As a young man, B.B. King called Indianola, Mississippi home. On Front Street, in the heart of the town, he played his guitar in door frames and on the streets, honing his craft for what would become one of the most celebrated musical careers in history. It was for this reason that Indianola constructed a striking 20,000 square foot, $14 million tribute to the revered bluesman; the B.B. King Museum and Delta Interpretive Center. The B.B. King museum may claim the distinctive honor of being the largest and most grand museum dedicated to a single living musician in the world, and for a man that is lovingly known across the planet as the King and Ambassador of the Blues, it is more than fitting.
The museum purchased a 1920s brick cotton gin building that B.B. himself worked in as a young man, and created a striking modern building around it, made from finished wood and brushed steel. It opened it’s doors in 2008, with a grand ceremony attended by Mr. King and many members of his family.

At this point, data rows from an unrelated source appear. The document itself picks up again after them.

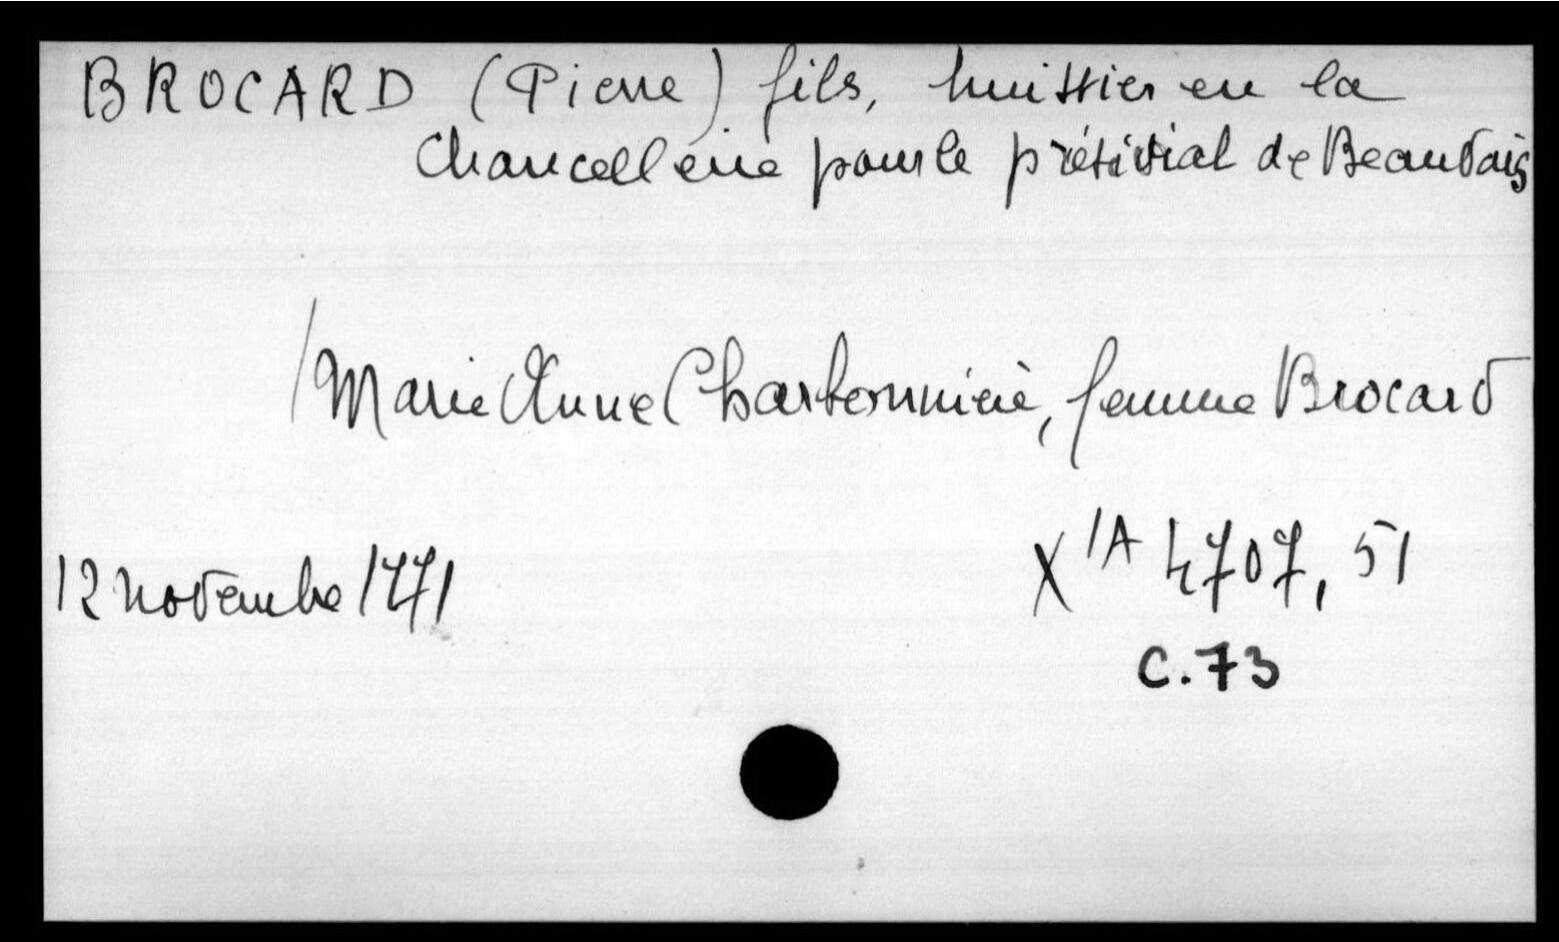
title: BROCARD (Pierre), fils, huissier en la Chancellerre pour le présidial de Beauvais
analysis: Contre Marie Anne Charbonnière, femme Brocard
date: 12 novembre 1771
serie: X1A
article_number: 4707
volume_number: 51 Conseil, 73

Inside the museum, the first stop is to watch a short movie that both takes the viewer to a recent show of King’s, and on his tour bus, where he drives to a forgotten piece of Mississippi Delta farmland, as per the audio instructions recorded by his father, that he believes to be the place of his birth. “I would give anything to have a picture of my mother,” laments King. Inside the museum lies a vast, intricate and interesting set of displays that seamlessly mesh with one another. The exhibits eloquently tie with both the timeline of King’s long and accomplished life, and with the changing greater world around him. Early sets display tools, pictures, and artifacts from life in the Mississippi delta during the 1920s and 30s, portraying the brutal conditions worked by sharecroppers as they picked cotton from “kin ’til kint”, as B.B. says. In other words, from the time they “kin” see the sunrise to the time they “kint” see the sun any more. Life in the delta was hard, but Saturdays were a time of freedom from the work, a time where the people congregated in the streets and in dance halls, house parties and Juke Joints. A picture of the famous Po Monkey’s Juke Joint in Merigold, Mississippi is plastered across an entire display wall. Pictures of a crowded Front Street in Indianola, a street just a few blocks away from the state-of-the-art museum, are framed on the walls with stories of how B.B. would play on the streets those Saturday nights, honing his craft. Interesting pieces of history are on display from Beale Street in the 1940s — when King broke the smokestack of his employer’s tractor and, fearing what the man might do, fled to Memphis to carve out a living making music on Beale Street. In true Riley King style, he came back later to pay for the damage to the tractor.
As the life of B.B. Progresses, so, too does the world. B.B.’s rise to prominence in the 50s gave way to the civil rights movement, Soul music, and a strong, steady growth in B.B.’s popularity as he traveled the globe with his own distinct style of blues. Stories follow B.B.’s marriages, divorces, successes and road troubles, always with a strong eye towards the genuinely good and endearing international superstar that B.B. is and has always been.
The museum piece ends with an extremely fitting final quote from B.B., “I had never heard the word ‘superstar’ but when I think about it today, I was a superstar tractor driver. I loved it.” Though a stroll through the museum feels like mere minutes, it’s easy to get lost for hours in the many exhibits and fascinating snapshot of both life in the Mississippi Delta and the long career of the king of the blues. The state-of-the-art center is worth a pilgrimage to, and is a fine celebration of one of our greatest musical treasures.